● **Directions**: In the data below, find the line with "0.7 seconds have passed since image 1." and output it along with every later line, exactly, but not the pictures.

(Extracted records)
"""
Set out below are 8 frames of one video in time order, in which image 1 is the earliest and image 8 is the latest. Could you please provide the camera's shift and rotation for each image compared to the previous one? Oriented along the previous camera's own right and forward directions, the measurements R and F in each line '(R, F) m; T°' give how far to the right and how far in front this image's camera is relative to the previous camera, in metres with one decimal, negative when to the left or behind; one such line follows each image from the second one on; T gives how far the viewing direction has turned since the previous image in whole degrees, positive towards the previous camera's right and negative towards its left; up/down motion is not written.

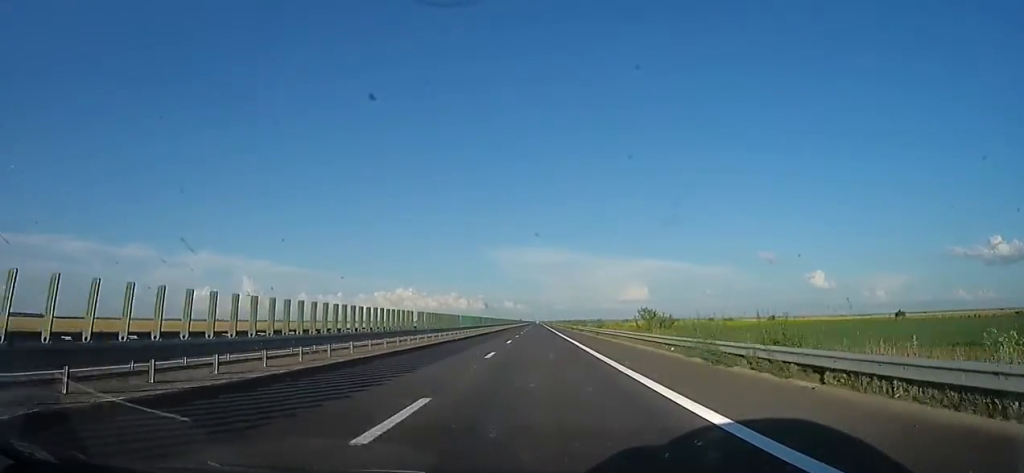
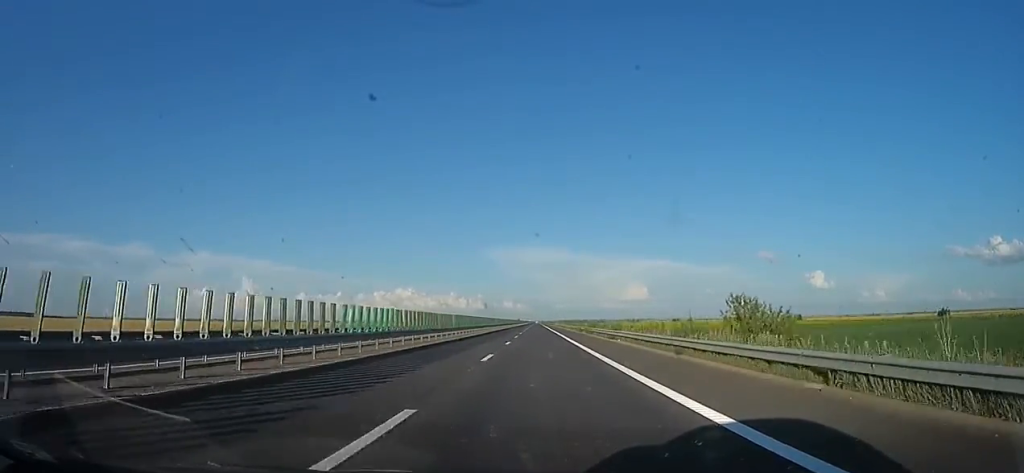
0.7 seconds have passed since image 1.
(+0.2, +25.6) m; -1°
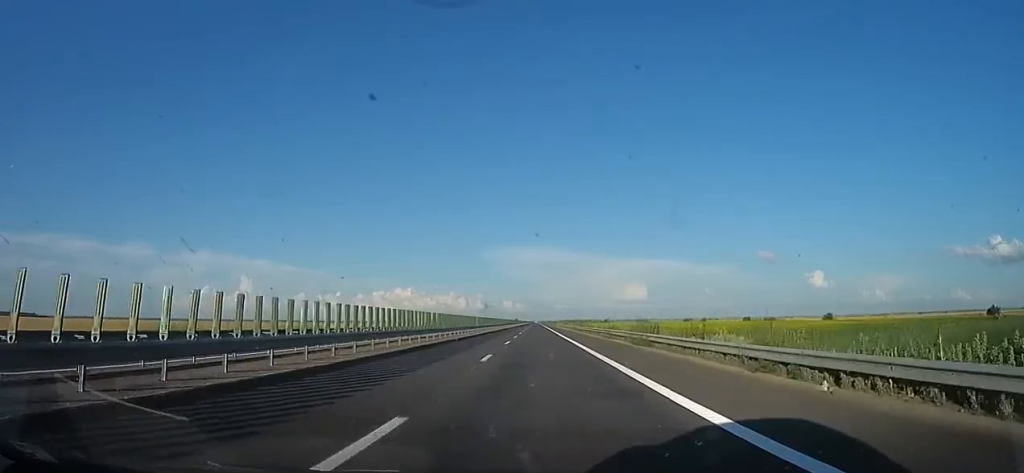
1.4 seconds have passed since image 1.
(-0.8, +24.4) m; -2°
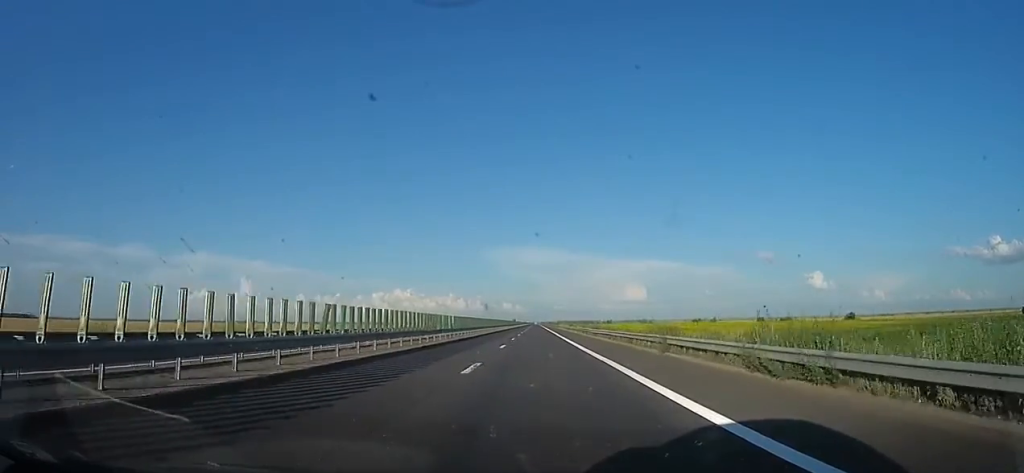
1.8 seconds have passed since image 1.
(0.0, +15.5) m; 0°
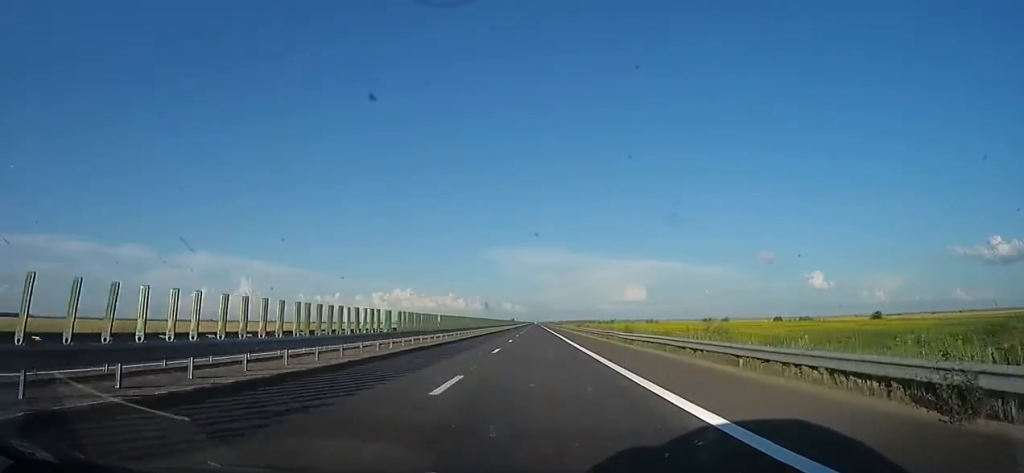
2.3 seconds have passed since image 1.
(0.0, +15.5) m; 0°
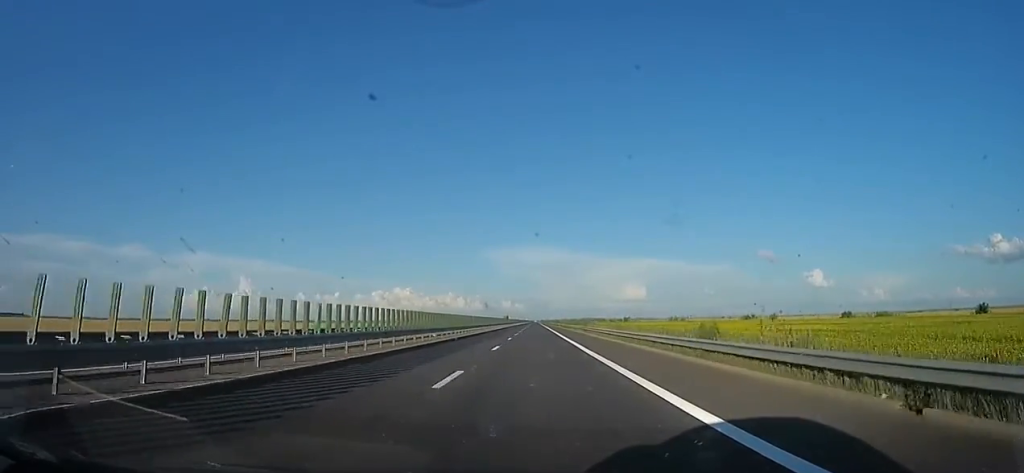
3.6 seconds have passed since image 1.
(+0.5, +47.3) m; +3°
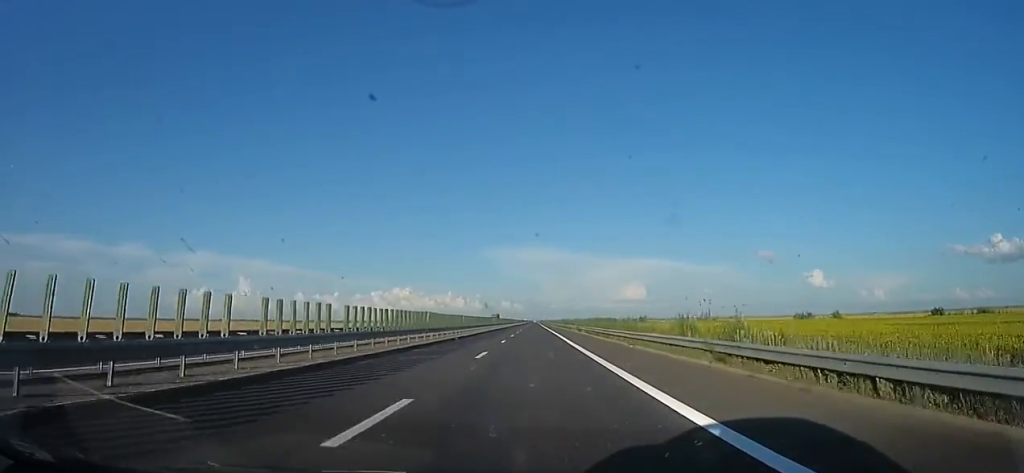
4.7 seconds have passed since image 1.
(+0.8, +40.5) m; -1°
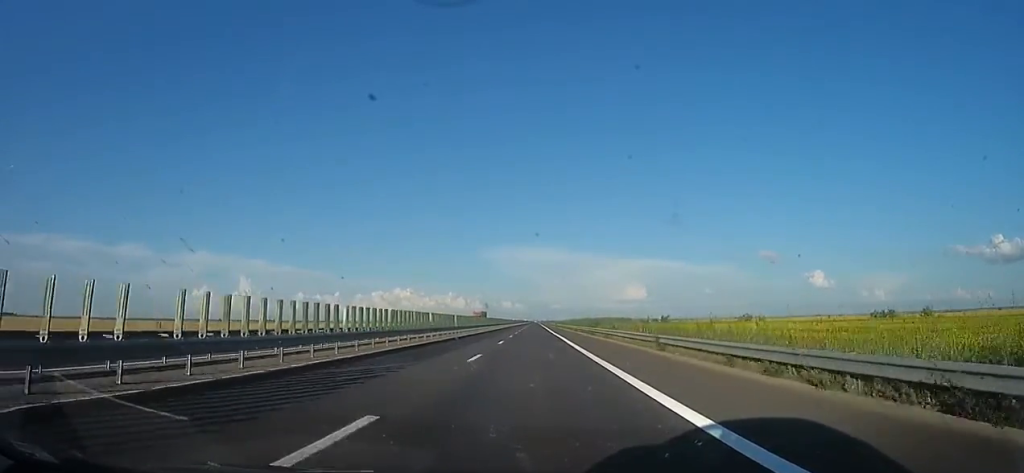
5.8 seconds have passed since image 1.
(-1.2, +37.5) m; -2°
"""
● **Solution below**:
0.7 seconds have passed since image 1.
(+0.2, +25.6) m; -1°
1.4 seconds have passed since image 1.
(-0.8, +24.4) m; -2°
1.8 seconds have passed since image 1.
(0.0, +15.5) m; 0°
2.3 seconds have passed since image 1.
(0.0, +15.5) m; 0°
3.6 seconds have passed since image 1.
(+0.5, +47.3) m; +3°
4.7 seconds have passed since image 1.
(+0.8, +40.5) m; -1°
5.8 seconds have passed since image 1.
(-1.2, +37.5) m; -2°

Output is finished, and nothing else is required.